Human behavior recognition refers to the retrieval and recognition of human behaviors by acquiring human behavior data through monitoring videos, motion traps and the like. The human behavior recognition has wide application prospect in public safety, intelligent transportation, medical monitoring and production safety. The human behavior recognition technology which is widely used can be divided into two types according to the difference of input data: human behavior recognition based on RGB video, and human behavior recognition based on skeletal data. Compared with bone data, the RGB video is very convenient to collect, can provide detailed and rich appearance information such as shapes, colors, textures and the like, but is very sensitive to lighting conditions, shooting angles and the like, and when illumination is weak, the accuracy of a human behavior recognition algorithm based on the RGB video is greatly reduced. In contrast, bone data can not provide specific appearance information, but is quite compatible with illumination conditions and shooting angles, and good recognition accuracy can be obtained through methods such as graphic neural network (GCN). However, bone data is generally difficult to collect, accurate bone key point information can be obtained through the motion capture system, but in many application scenarios, the motion capture system is difficult to popularize and use. The development of the gesture estimation algorithm provides a more convenient and quick way for extracting bone data, bone data of a corresponding video can be obtained by inputting RGB video into the gesture estimation algorithm, and the RGB data and the bone data are combined to be used as the input of the human behavior recognition algorithm, so that higher accuracy can be obtained than an algorithm which only depends on the RGB data or the bone data.

There is a work of combining RGB data with bone data to improve accuracy of human behavior recognition. Luvizon et al relate the problem of pose estimation and behavior recognition, and achieve efficient pose extraction and behavior recognition through a shared mechanism of two tasks. Das et al propose a gesture-driven spatiotemporal attention mechanism and apply it to 3DCNN to perform human behavior recognition. In its subsequent work, it calculates spatiotemporal features by increasing the attentive mechanisms to the topology of the bone. Li et al propose a dual stream network structure in which there are three main modules, an ST-GCN module to extract skeleton features, an R (2+1) D network to extract RGB features, and a module to use the two features to enhance motion related information in RGB video, finally using score fusion to obtain classification results. Cai et al also employ a dual stream network architecture, but differs in that the input to another stream, in addition to the skeletal data stream, is stream data with aligned key points extracted from the RGB video. The above work is to treat the skeleton data as a topological graph, but the topological graph is not a robust expression mode compared with the RGB data, and the loss of certain skeleton key point information will have a great influence on the whole skeleton data. Jing and Wang propose a two-way network based on ViT, wherein the input of the two-way network is RGB frames with different frame rates and different resolutions, and bone data is fused with the RGB data in three different fusion modes, so that a final classification result is obtained. The fusion of the skeleton data is carried out by adopting a mode of fusing skeleton codes into a token as ebedding and RGB data. The fusion mode still does not avoid the problem of non-robustness of bone data, and simultaneously, the feature dimension is increased, so that the algorithm complexity is increased.

Disclosure of Invention

The invention aims to provide a bone and RGB bimodal behavior recognition method based on a transducer. A dual stream transducer architecture is presented with RGB frames and skeletal heatmaps as inputs. The present invention uses different number of attention layers and window sizes for the two inputs inside the network by inputting RGB frames and skeletal heatmaps into the transducer at different temporal and spatial resolutions. In addition, in order to avoid the problems of stability and the like caused by graphically representing bones, a heat map is generated for the bones, so that the stability is improved, and the problem of behavior identification in a multi-person scene can be solved. The fusion mode of double-flow transverse connection is provided, the influence of noisy background in a behavior recognition algorithm is reduced, and the problem of missing key appearance information in character interaction behavior is solved.
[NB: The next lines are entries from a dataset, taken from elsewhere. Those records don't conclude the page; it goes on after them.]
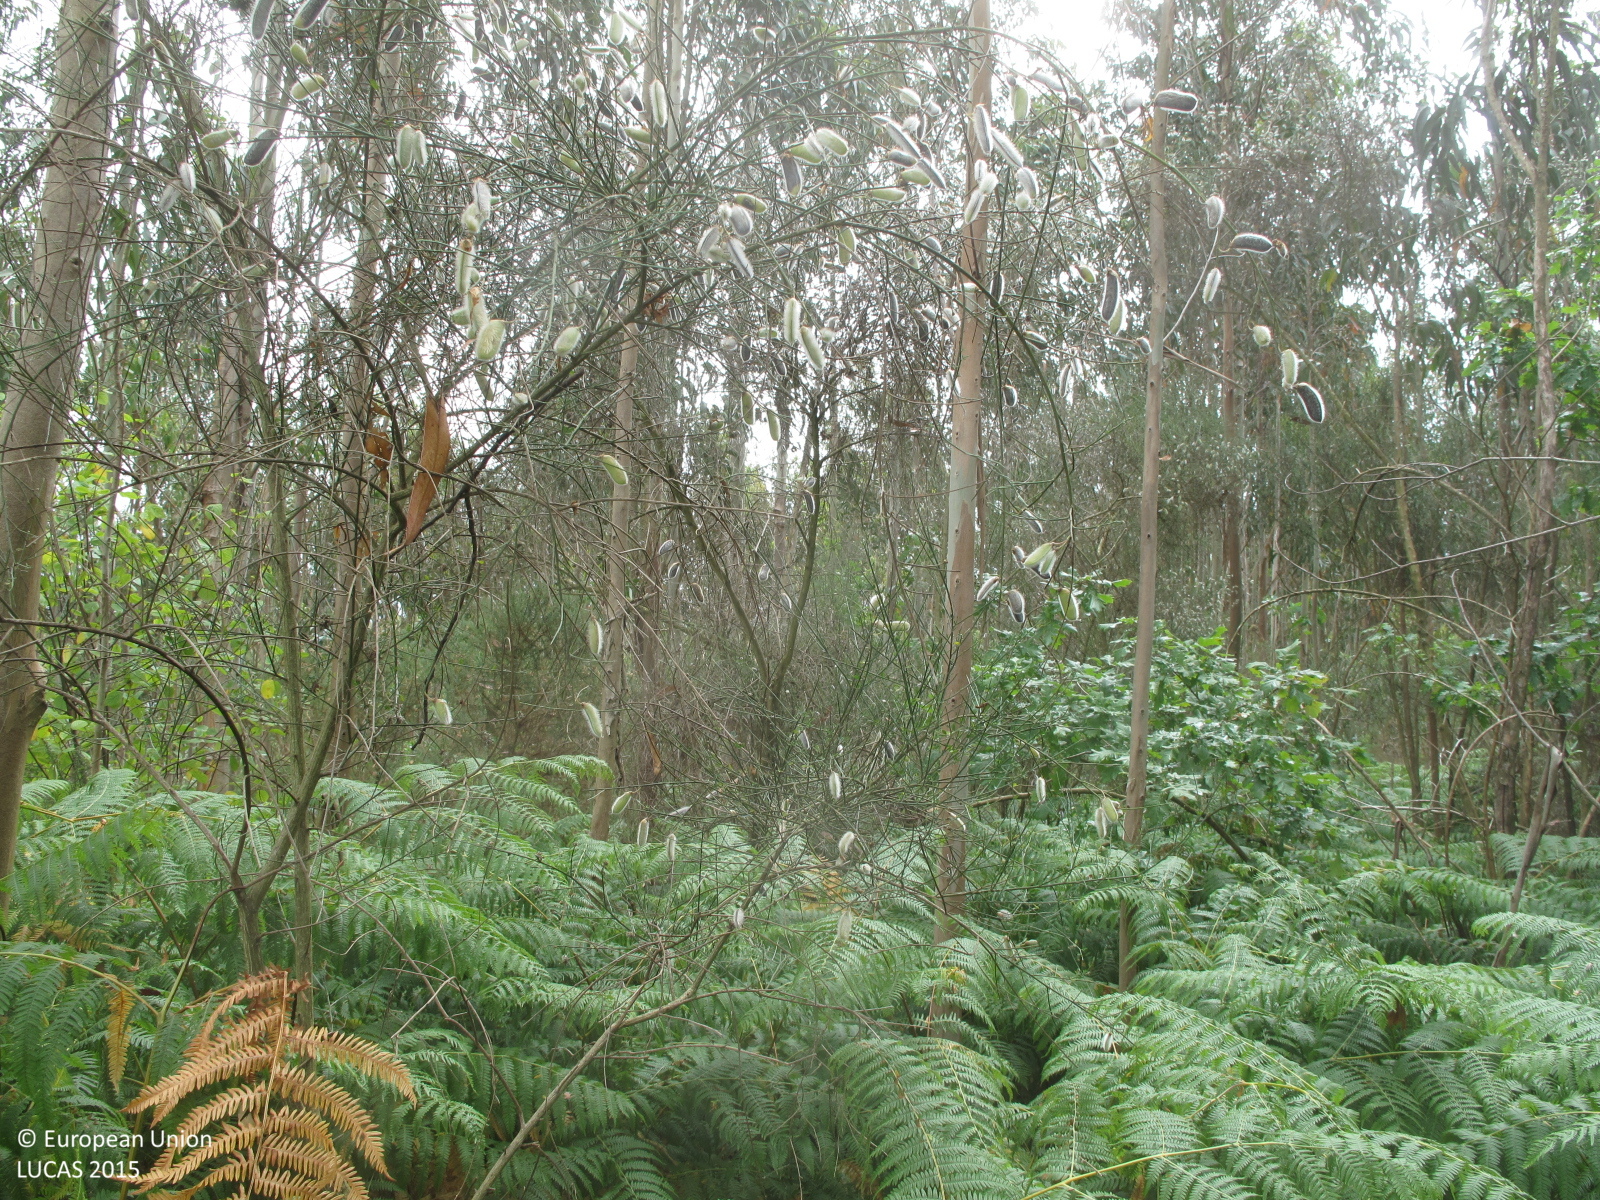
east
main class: Woodland
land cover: Broadleaved woodland
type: exotic forest
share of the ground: 50 - 75 %
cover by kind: broadleaved forest trees 60 %, shrubs 20 %, herbaceous plants 20 %
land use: Forestry
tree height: > 5 m
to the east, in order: Broadleaved woodland; Paved roads, cycling and walking lanes; Shrubland without tree cover; Broadleaved woodland; Shrubland without tree cover; Broadleaved woodland; Tracks; Broadleaved woodland
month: July
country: ES
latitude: 43.5306
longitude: -8.1289

The aim of the invention is achieved in that:

a dual stream transducer architecture with RGB and skeletal modalities as inputs is presented. Through the use of the posture estimation algorithm and the generation of the bone heat map, the problem of reduced stability of graphically expressed bones can be avoided, and the fusion with RGB information can be more conveniently carried out. Based on different spatial resolutions of input and different structures in the network, the RGB stream can capture spatial information and the skeleton stream can accurately capture motion information. Finally, the fusion method provided by the invention is used in the network to fully fuse the appearance information in the RGB mode and the action information in the skeleton mode, thereby solving the problem of insufficient single-mode information and reducing the influence of noisy background.

The specific mode is as follows:

a dual-flow RGB and skeleton dual-mode behavior recognition method based on a transducer comprises the following steps:

and step 1, acquiring skeleton information in the RGB video by using a posture estimation algorithm.
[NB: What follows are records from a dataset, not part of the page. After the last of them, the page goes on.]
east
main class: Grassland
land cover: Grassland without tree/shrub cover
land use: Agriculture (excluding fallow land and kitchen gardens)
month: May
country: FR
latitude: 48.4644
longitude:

And 2, generating a bone heat map.

And 3, sampling the RGB video and the bone heat map.

And 4, inputting a double-flow transducer structure.

And 5, acquiring classification token information to carry out transverse fusion.

And 6, acquiring network output, and mapping the network output into a classification result in the linear classifier.

Further, in the step 1, the data owner uses HRNet to perform gesture estimation on the RGB video on the COCO-keypoint key point by using a pre-training model.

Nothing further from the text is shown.